PROBLEM REQUIREMENTS
An unchanged copy of each entry below is needed; keep the pictures out of it.

AVAILABLE RECORDS
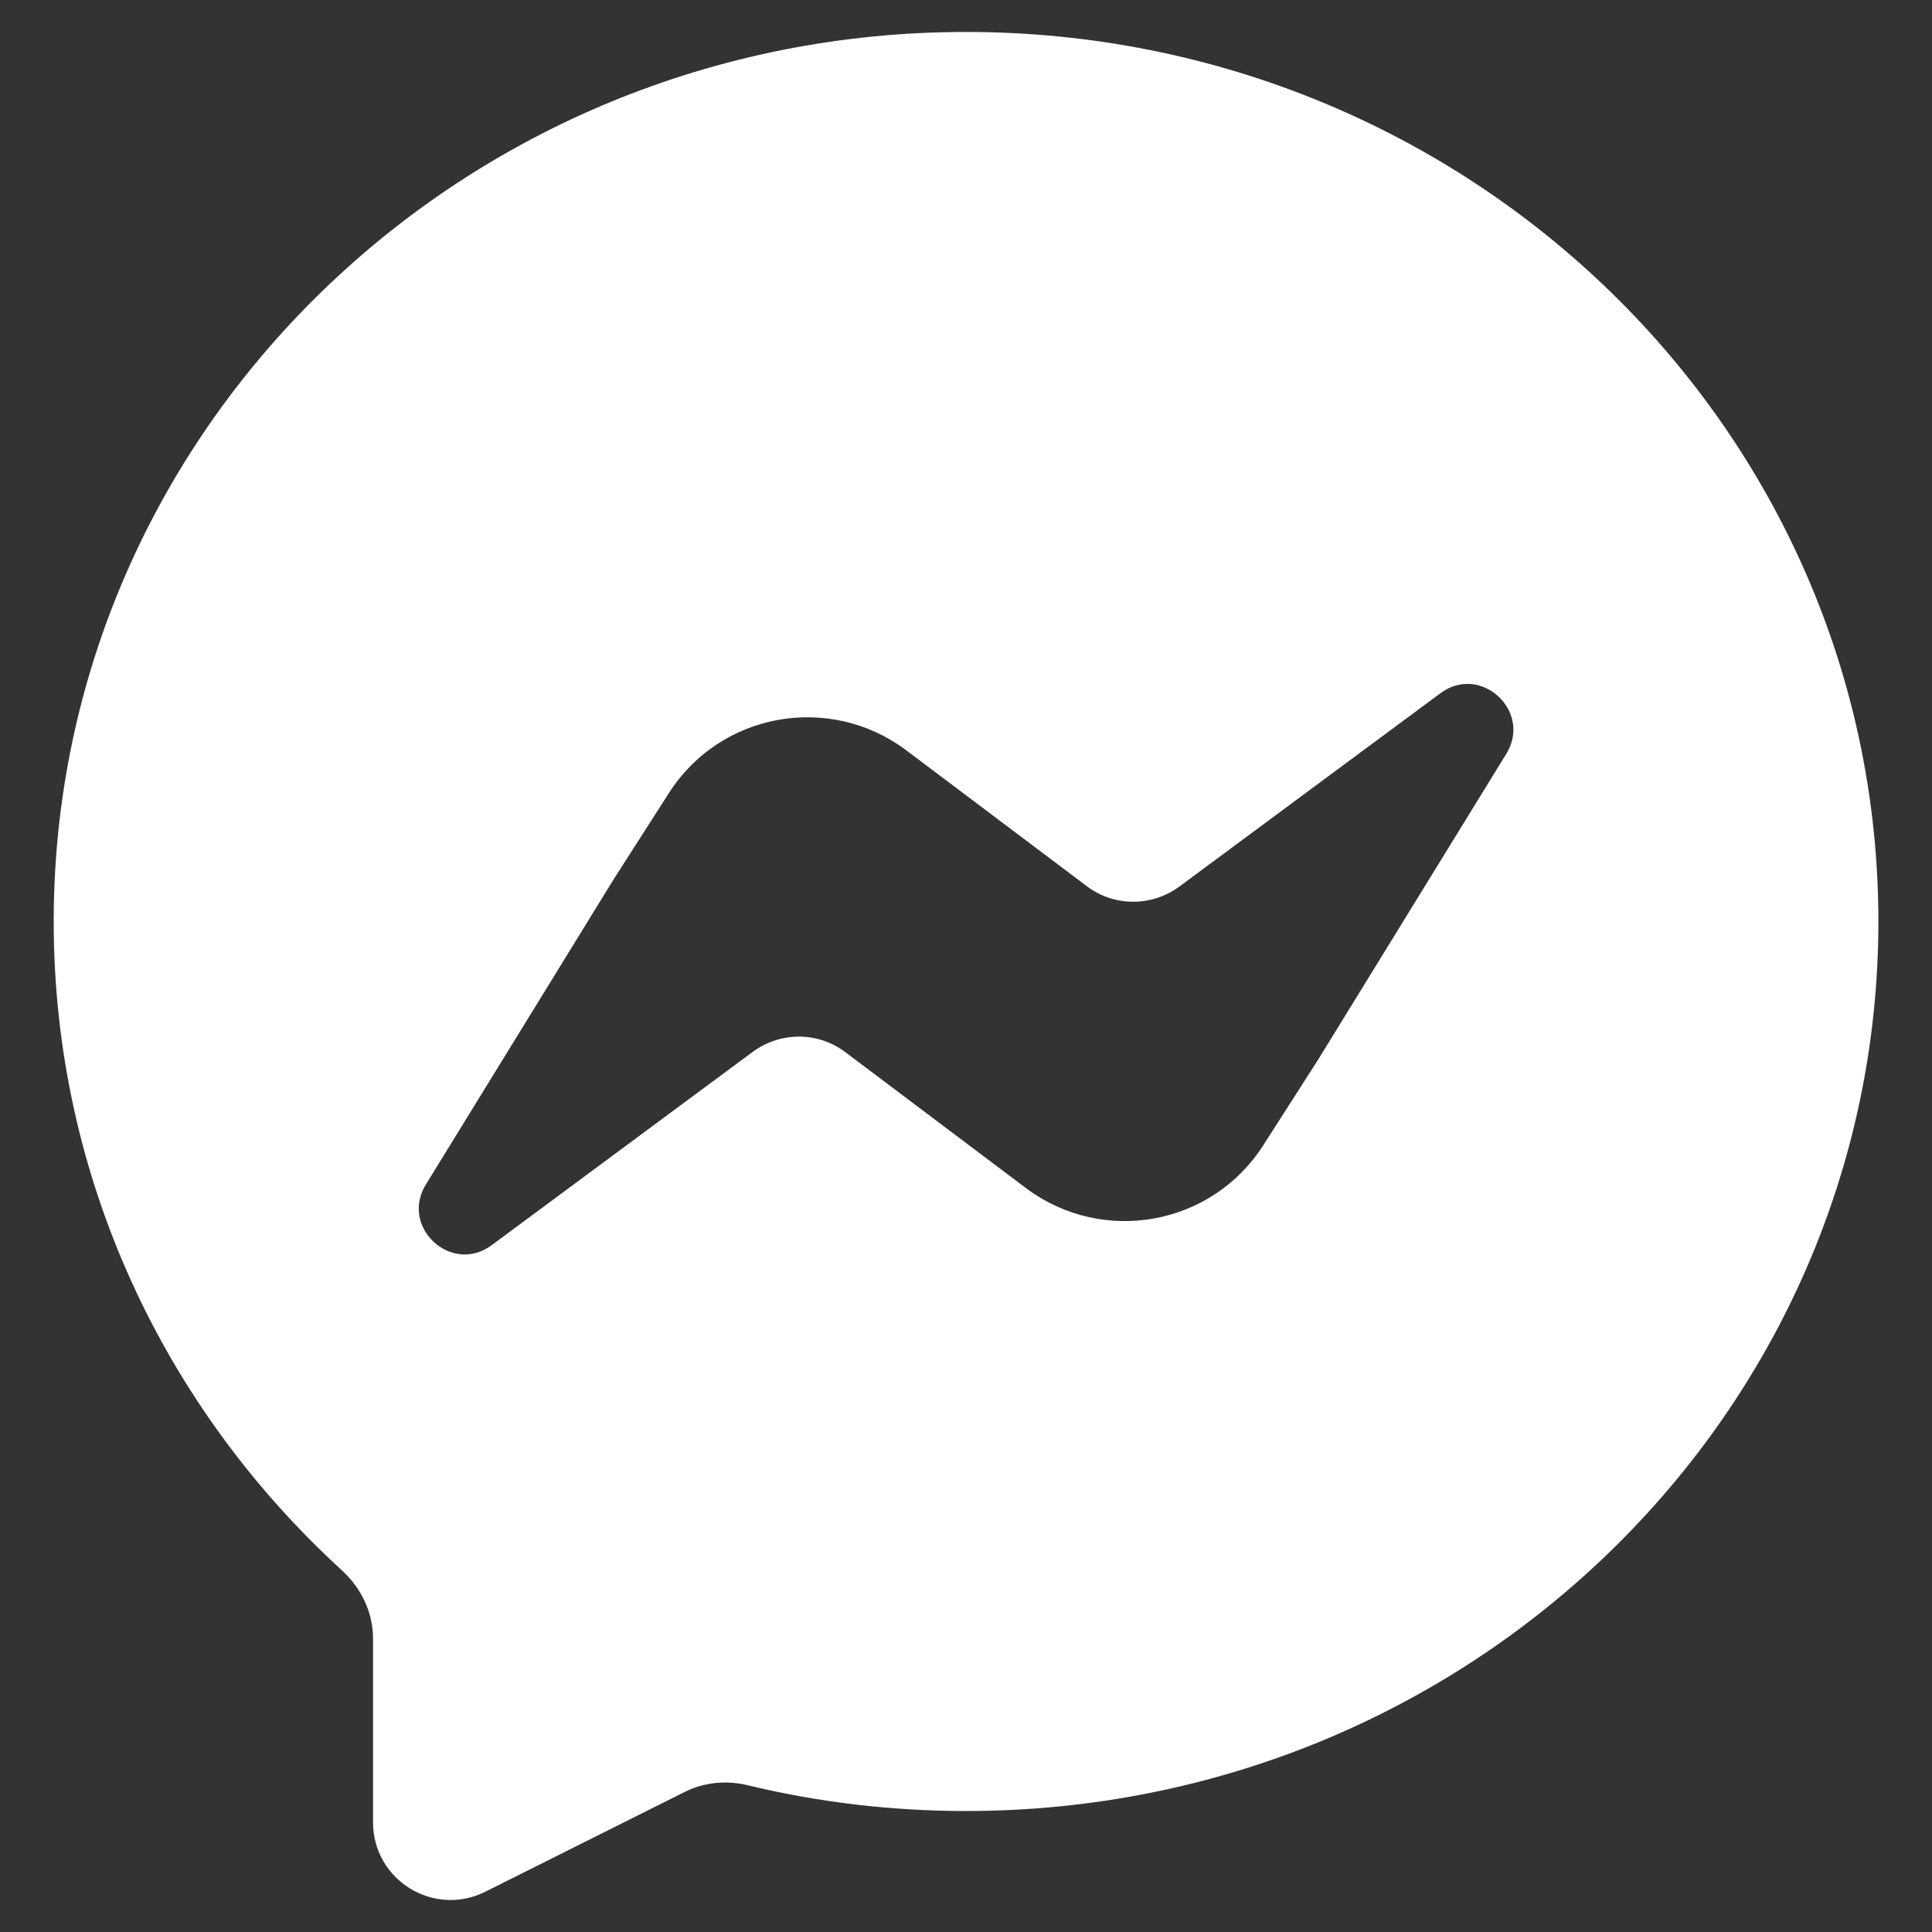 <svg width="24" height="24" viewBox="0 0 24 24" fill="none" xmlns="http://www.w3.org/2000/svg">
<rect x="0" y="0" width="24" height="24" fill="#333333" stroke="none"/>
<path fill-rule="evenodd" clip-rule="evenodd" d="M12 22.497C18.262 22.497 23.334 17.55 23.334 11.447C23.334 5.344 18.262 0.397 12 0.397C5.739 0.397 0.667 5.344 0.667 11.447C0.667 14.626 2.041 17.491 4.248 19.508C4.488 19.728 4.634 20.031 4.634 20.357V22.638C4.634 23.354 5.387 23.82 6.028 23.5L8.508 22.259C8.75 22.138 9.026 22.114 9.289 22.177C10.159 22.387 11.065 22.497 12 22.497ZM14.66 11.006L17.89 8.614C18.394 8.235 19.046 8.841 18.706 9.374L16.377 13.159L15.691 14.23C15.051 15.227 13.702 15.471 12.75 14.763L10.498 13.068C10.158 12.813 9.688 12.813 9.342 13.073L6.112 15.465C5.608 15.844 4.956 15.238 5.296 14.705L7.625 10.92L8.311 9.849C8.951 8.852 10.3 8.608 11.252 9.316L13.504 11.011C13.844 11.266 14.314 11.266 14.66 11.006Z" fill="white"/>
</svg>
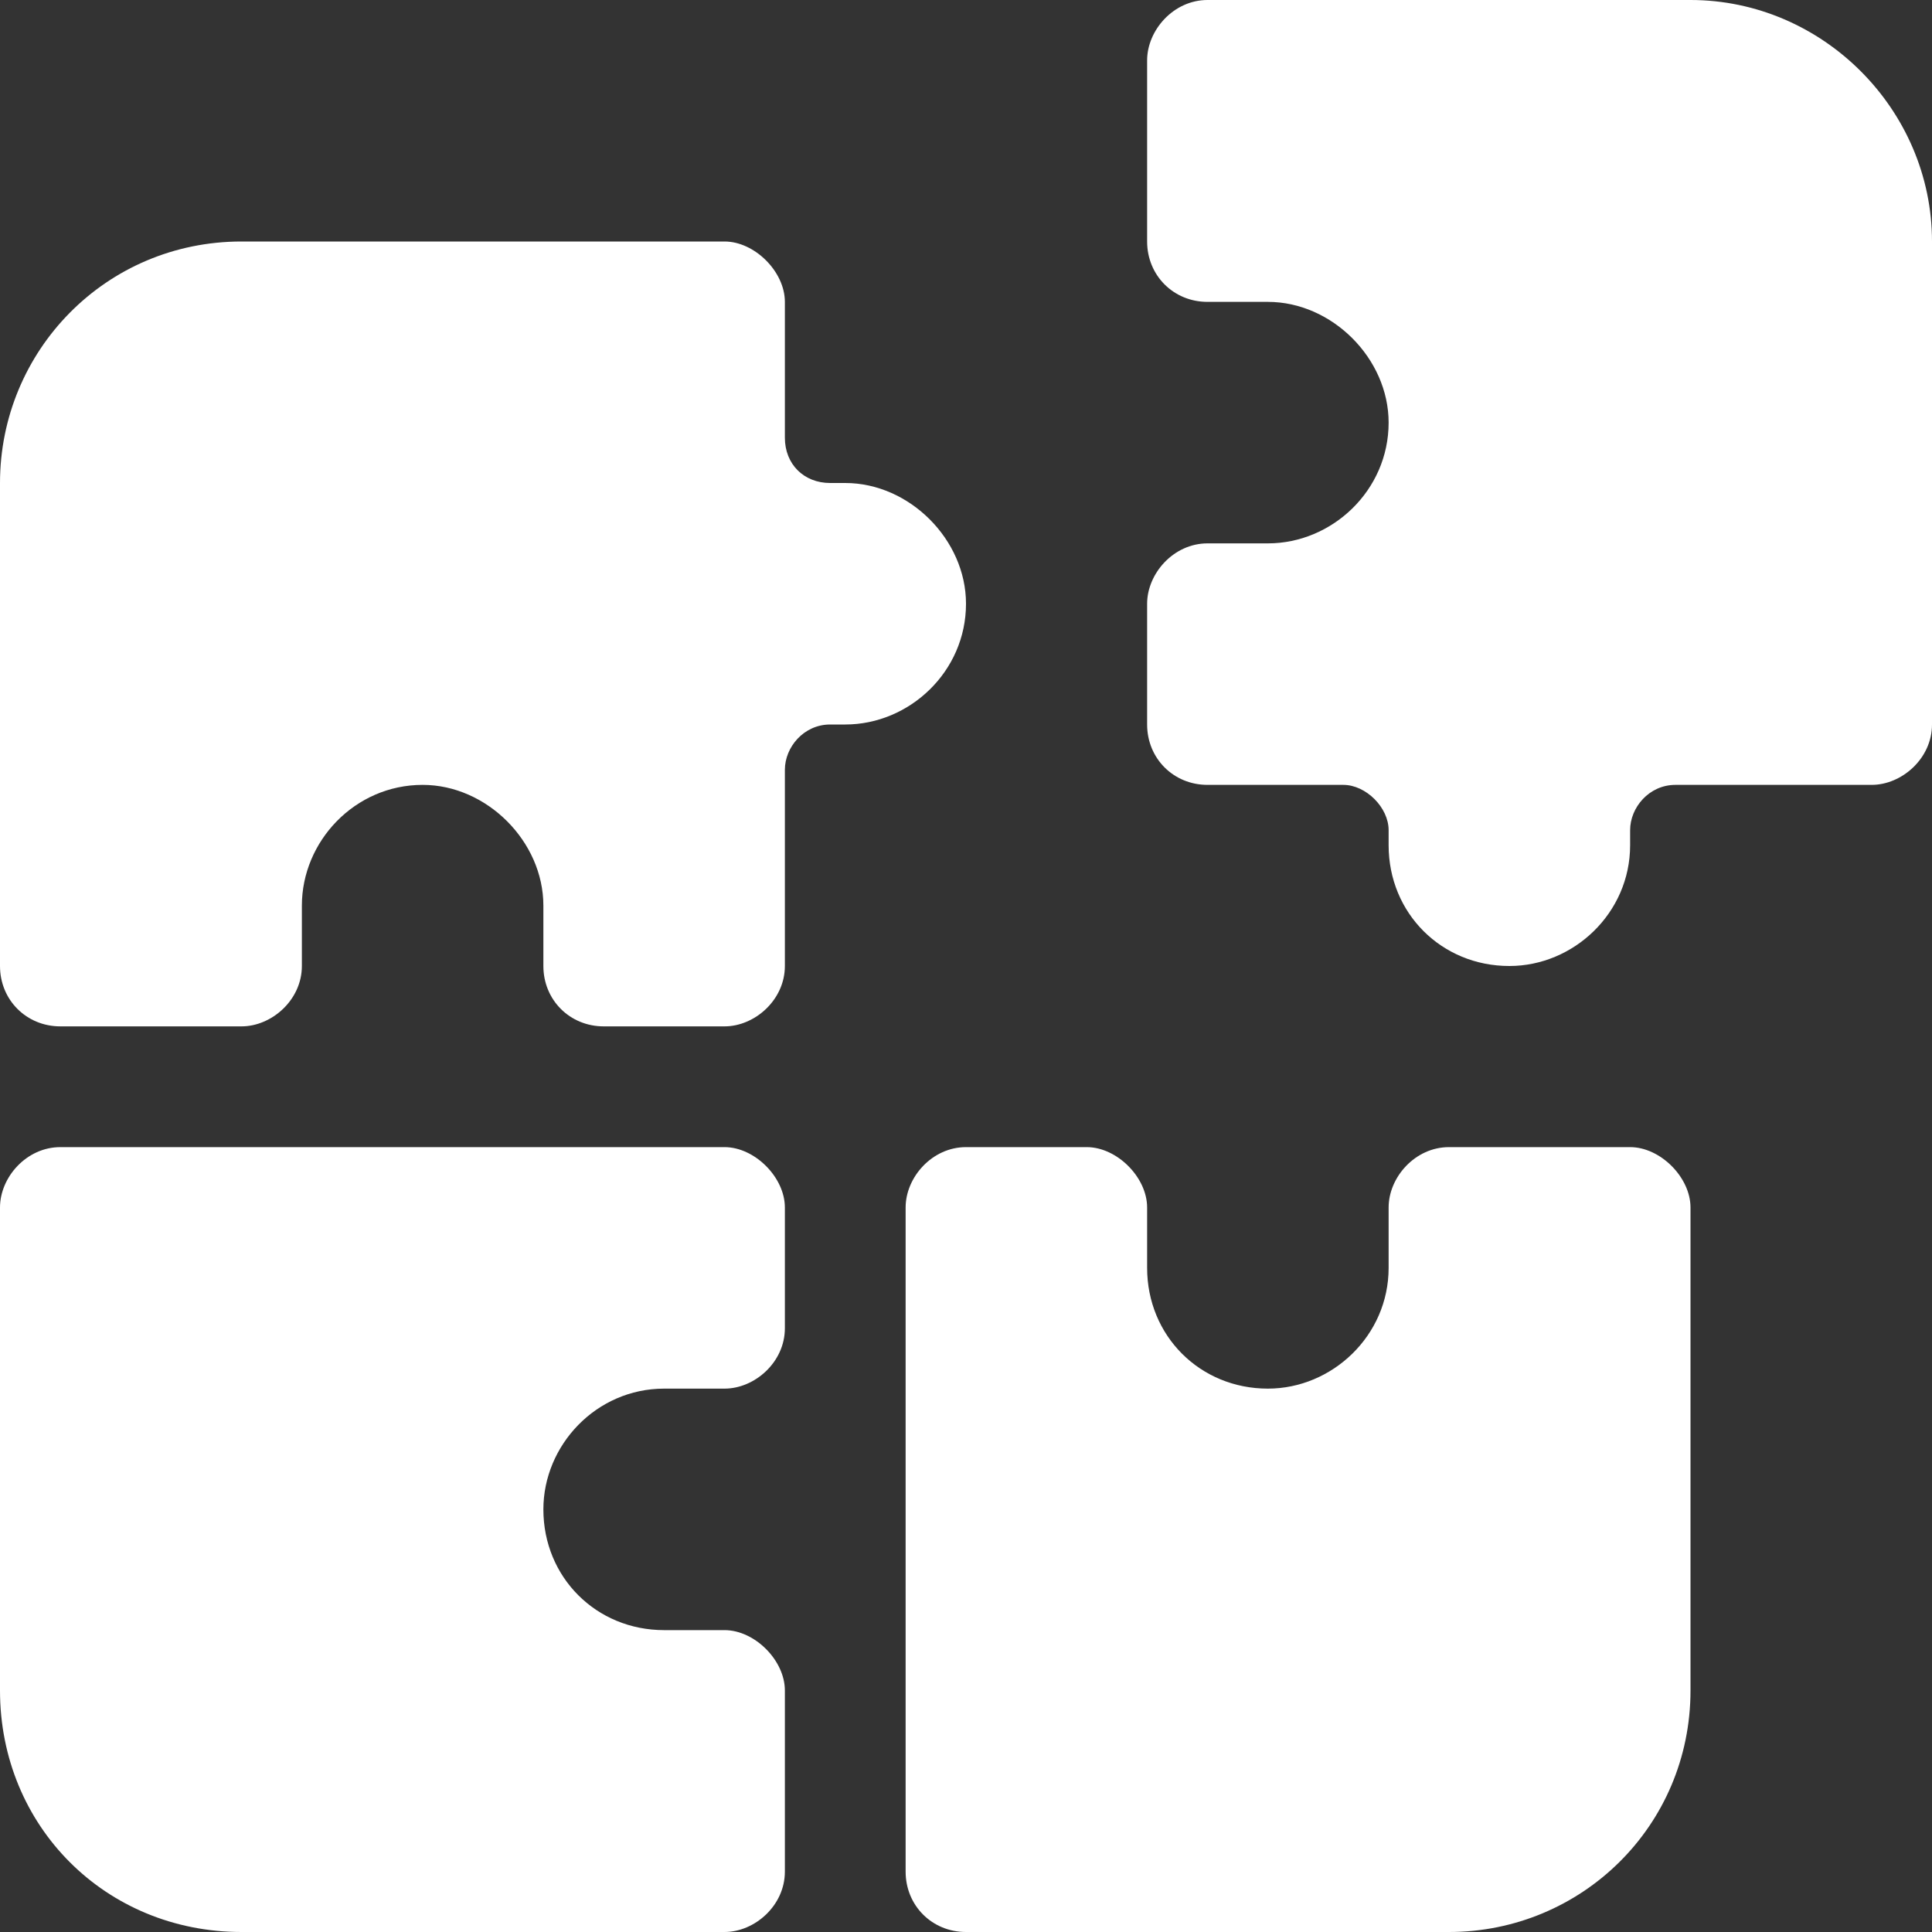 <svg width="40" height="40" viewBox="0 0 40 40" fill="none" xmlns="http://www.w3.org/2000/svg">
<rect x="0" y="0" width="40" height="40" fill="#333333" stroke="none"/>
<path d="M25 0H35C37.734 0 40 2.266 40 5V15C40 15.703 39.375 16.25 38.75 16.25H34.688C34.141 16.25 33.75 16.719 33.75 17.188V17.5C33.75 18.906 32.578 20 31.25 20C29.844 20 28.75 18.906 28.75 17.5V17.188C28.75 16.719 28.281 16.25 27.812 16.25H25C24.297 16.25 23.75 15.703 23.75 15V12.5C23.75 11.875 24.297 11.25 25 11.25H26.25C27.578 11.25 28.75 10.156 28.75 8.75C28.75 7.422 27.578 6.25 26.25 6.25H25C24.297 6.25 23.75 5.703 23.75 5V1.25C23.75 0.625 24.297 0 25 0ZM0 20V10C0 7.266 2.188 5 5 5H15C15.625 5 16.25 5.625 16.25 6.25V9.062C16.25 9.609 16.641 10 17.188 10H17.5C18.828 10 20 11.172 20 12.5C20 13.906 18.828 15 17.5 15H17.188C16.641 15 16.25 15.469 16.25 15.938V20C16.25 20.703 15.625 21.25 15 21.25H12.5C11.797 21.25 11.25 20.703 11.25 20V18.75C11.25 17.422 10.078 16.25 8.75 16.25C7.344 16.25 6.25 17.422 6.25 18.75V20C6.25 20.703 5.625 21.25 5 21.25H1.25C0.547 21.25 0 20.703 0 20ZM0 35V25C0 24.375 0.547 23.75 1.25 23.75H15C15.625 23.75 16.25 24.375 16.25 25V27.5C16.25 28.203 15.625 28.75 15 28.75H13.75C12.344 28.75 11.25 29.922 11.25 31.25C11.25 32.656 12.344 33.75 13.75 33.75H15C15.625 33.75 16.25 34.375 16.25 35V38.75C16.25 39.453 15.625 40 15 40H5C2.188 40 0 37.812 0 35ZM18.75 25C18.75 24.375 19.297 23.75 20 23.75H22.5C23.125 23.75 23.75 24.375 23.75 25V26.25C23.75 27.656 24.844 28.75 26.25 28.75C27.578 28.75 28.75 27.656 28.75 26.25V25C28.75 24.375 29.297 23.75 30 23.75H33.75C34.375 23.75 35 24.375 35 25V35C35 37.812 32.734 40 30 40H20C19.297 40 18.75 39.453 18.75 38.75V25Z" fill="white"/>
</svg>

SOLUTION TO THE PROBLEM
 <svg width="24" height="24" viewBox="0 0 24 24" fill="none" xmlns="http://www.w3.org/2000/svg">
<rect x="0" y="0" width="24" height="24" fill="#333333" stroke="none"/>
<path fill-rule="evenodd" clip-rule="evenodd" d="M12 22.497C18.262 22.497 23.334 17.55 23.334 11.447C23.334 5.344 18.262 0.397 12 0.397C5.739 0.397 0.667 5.344 0.667 11.447C0.667 14.626 2.041 17.491 4.248 19.508C4.488 19.728 4.634 20.031 4.634 20.357V22.638C4.634 23.354 5.387 23.82 6.028 23.5L8.508 22.259C8.75 22.138 9.026 22.114 9.289 22.177C10.159 22.387 11.065 22.497 12 22.497ZM14.66 11.006L17.89 8.614C18.394 8.235 19.046 8.841 18.706 9.374L16.377 13.159L15.691 14.23C15.051 15.227 13.702 15.471 12.75 14.763L10.498 13.068C10.158 12.813 9.688 12.813 9.342 13.073L6.112 15.465C5.608 15.844 4.956 15.238 5.296 14.705L7.625 10.92L8.311 9.849C8.951 8.852 10.3 8.608 11.252 9.316L13.504 11.011C13.844 11.266 14.314 11.266 14.66 11.006Z" fill="white"/>
</svg>
 <svg width="40" height="40" viewBox="0 0 40 40" fill="none" xmlns="http://www.w3.org/2000/svg">
<rect x="0" y="0" width="40" height="40" fill="#333333" stroke="none"/>
<path d="M25 0H35C37.734 0 40 2.266 40 5V15C40 15.703 39.375 16.25 38.75 16.25H34.688C34.141 16.25 33.75 16.719 33.75 17.188V17.5C33.75 18.906 32.578 20 31.25 20C29.844 20 28.75 18.906 28.75 17.5V17.188C28.75 16.719 28.281 16.25 27.812 16.25H25C24.297 16.25 23.75 15.703 23.75 15V12.5C23.75 11.875 24.297 11.25 25 11.25H26.25C27.578 11.25 28.75 10.156 28.75 8.75C28.75 7.422 27.578 6.25 26.25 6.25H25C24.297 6.25 23.75 5.703 23.75 5V1.25C23.75 0.625 24.297 0 25 0ZM0 20V10C0 7.266 2.188 5 5 5H15C15.625 5 16.25 5.625 16.25 6.25V9.062C16.25 9.609 16.641 10 17.188 10H17.5C18.828 10 20 11.172 20 12.5C20 13.906 18.828 15 17.5 15H17.188C16.641 15 16.25 15.469 16.25 15.938V20C16.25 20.703 15.625 21.25 15 21.25H12.5C11.797 21.25 11.25 20.703 11.25 20V18.75C11.25 17.422 10.078 16.25 8.75 16.25C7.344 16.25 6.25 17.422 6.25 18.75V20C6.25 20.703 5.625 21.25 5 21.25H1.25C0.547 21.25 0 20.703 0 20ZM0 35V25C0 24.375 0.547 23.75 1.25 23.75H15C15.625 23.75 16.25 24.375 16.25 25V27.5C16.25 28.203 15.625 28.75 15 28.75H13.75C12.344 28.75 11.25 29.922 11.25 31.25C11.25 32.656 12.344 33.75 13.75 33.75H15C15.625 33.75 16.25 34.375 16.25 35V38.75C16.25 39.453 15.625 40 15 40H5C2.188 40 0 37.812 0 35ZM18.75 25C18.75 24.375 19.297 23.75 20 23.75H22.5C23.125 23.75 23.75 24.375 23.75 25V26.25C23.75 27.656 24.844 28.75 26.25 28.75C27.578 28.75 28.75 27.656 28.75 26.25V25C28.75 24.375 29.297 23.75 30 23.75H33.75C34.375 23.75 35 24.375 35 25V35C35 37.812 32.734 40 30 40H20C19.297 40 18.75 39.453 18.75 38.75V25Z" fill="white"/>
</svg>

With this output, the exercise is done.